→ TASK INSTRUCTIONS
Drop every image and restate the entries below word for word.
==========
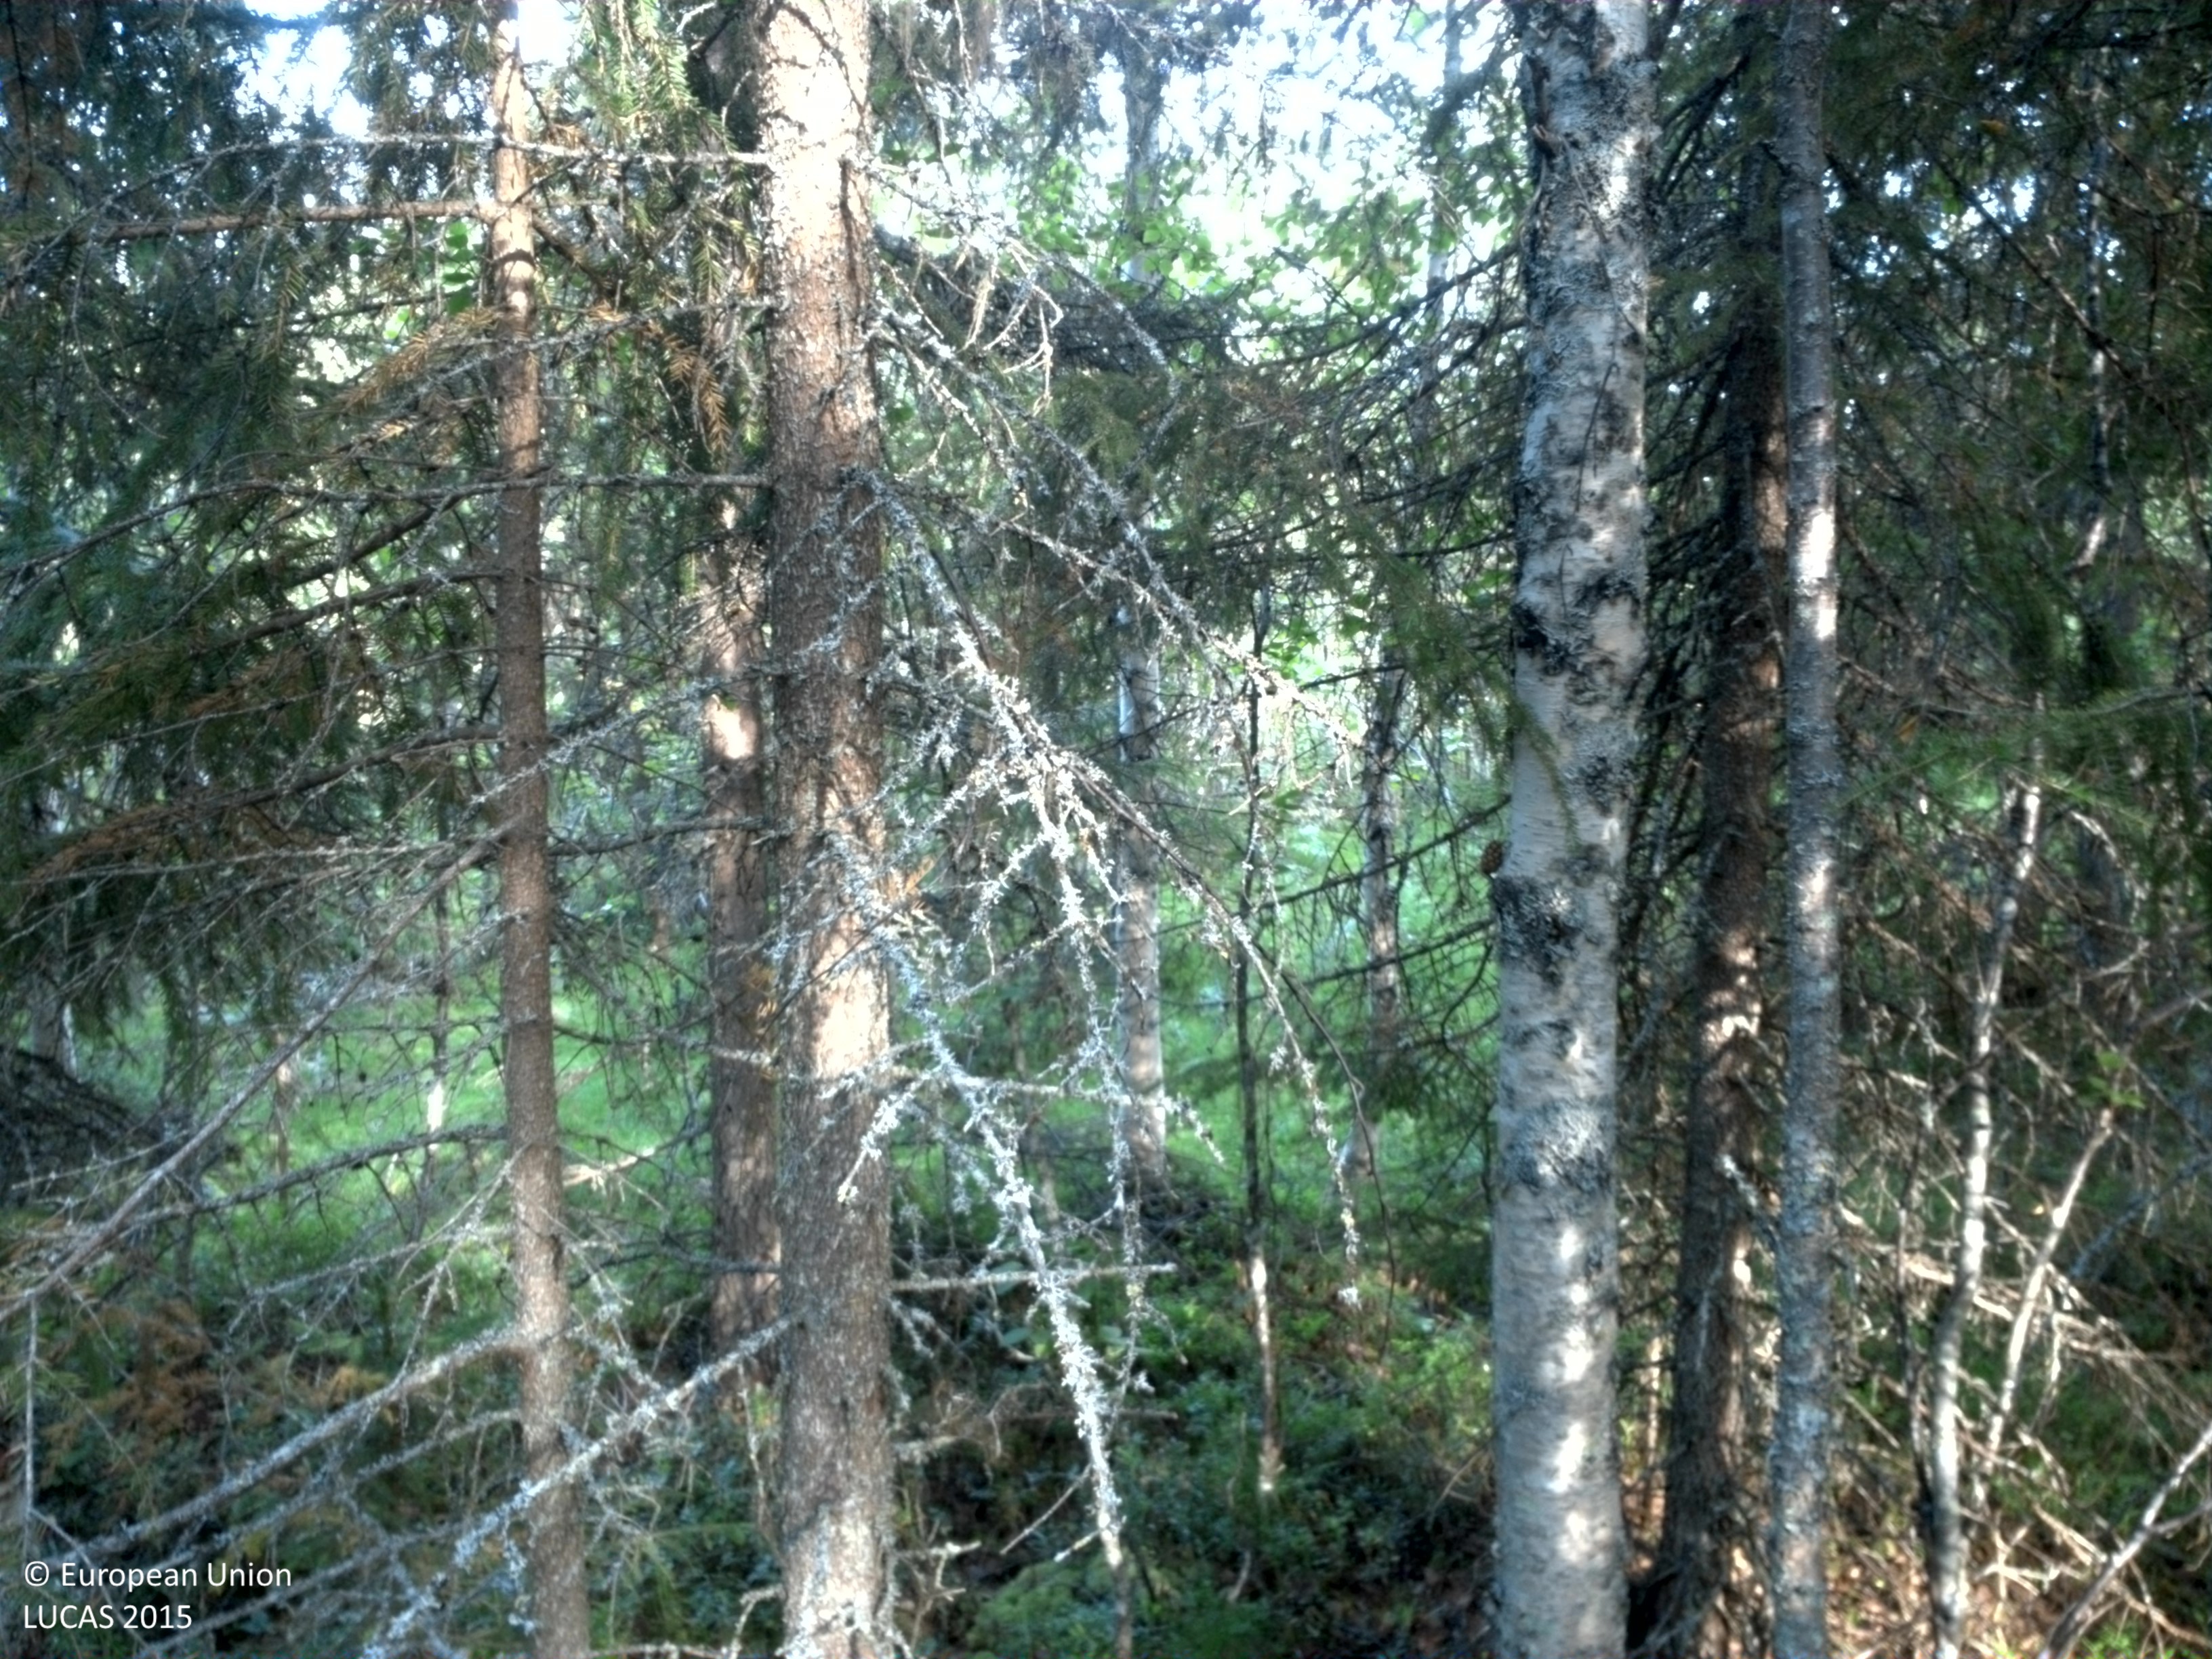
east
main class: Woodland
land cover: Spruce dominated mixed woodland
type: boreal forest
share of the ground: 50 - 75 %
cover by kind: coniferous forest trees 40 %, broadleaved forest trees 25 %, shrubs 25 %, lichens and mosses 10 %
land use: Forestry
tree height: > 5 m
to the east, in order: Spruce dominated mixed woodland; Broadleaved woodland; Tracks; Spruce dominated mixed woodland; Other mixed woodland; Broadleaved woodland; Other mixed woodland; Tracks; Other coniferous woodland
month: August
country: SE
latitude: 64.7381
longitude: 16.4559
==========
→ SOLUTION FOR THIS TASK
east
main class: Woodland
land cover: Spruce dominated mixed woodland
type: boreal forest
share of the ground: 50 - 75 %
cover by kind: coniferous forest trees 40 %, broadleaved forest trees 25 %, shrubs 25 %, lichens and mosses 10 %
land use: Forestry
tree height: > 5 m
to the east, in order: Spruce dominated mixed woodland; Broadleaved woodland; Tracks; Spruce dominated mixed woodland; Other mixed woodland; Broadleaved woodland; Other mixed woodland; Tracks; Other coniferous woodland
month: August
country: SE
latitude: 64.7381
longitude: 16.4559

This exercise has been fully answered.